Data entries
====

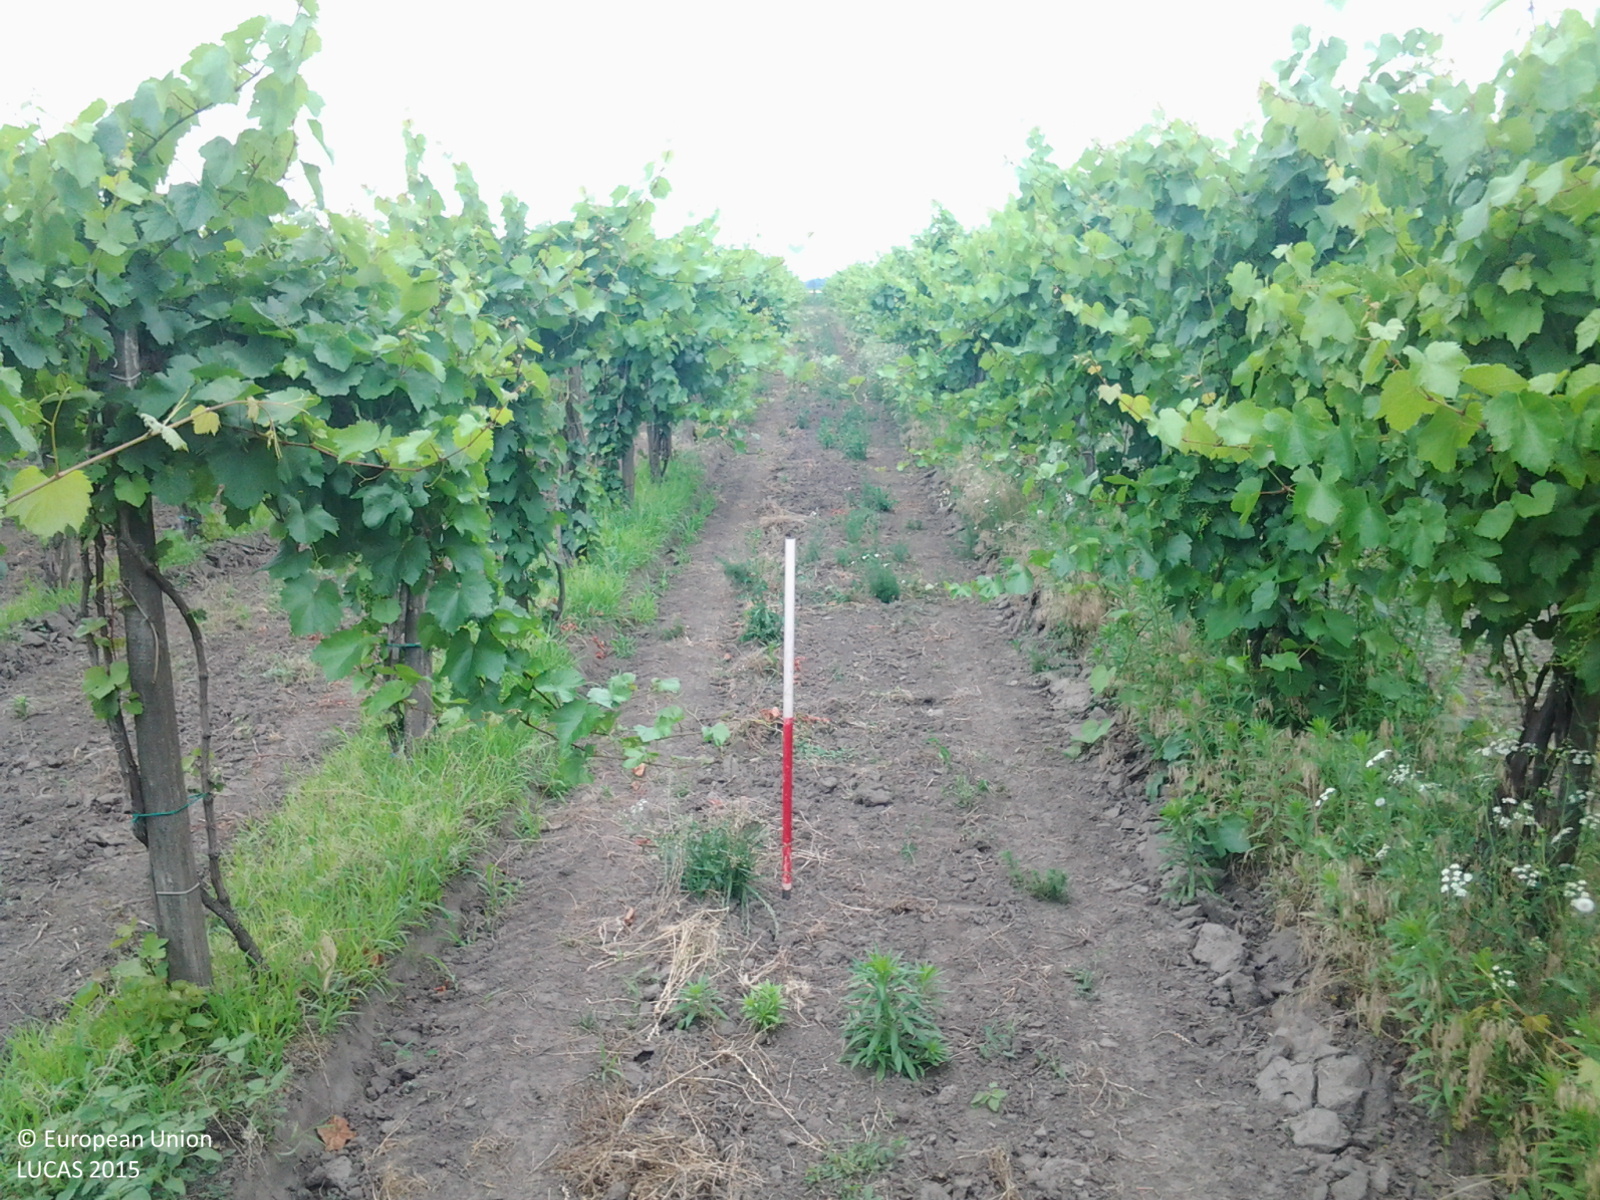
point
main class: Cropland
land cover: Vineyards
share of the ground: 25 - 50 %
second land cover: Other bare soil
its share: > 75 %
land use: Agriculture (excluding fallow land and kitchen gardens)
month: June
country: HU
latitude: 46.4037
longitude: 19.0275

====

▶ [Work required]: Your copy should match the entries above exactly and contain no pictures.

▶ [Task output]:
point
main class: Cropland
land cover: Vineyards
share of the ground: 25 - 50 %
second land cover: Other bare soil
its share: > 75 %
land use: Agriculture (excluding fallow land and kitchen gardens)
month: June
country: HU
latitude: 46.4037
longitude: 19.0275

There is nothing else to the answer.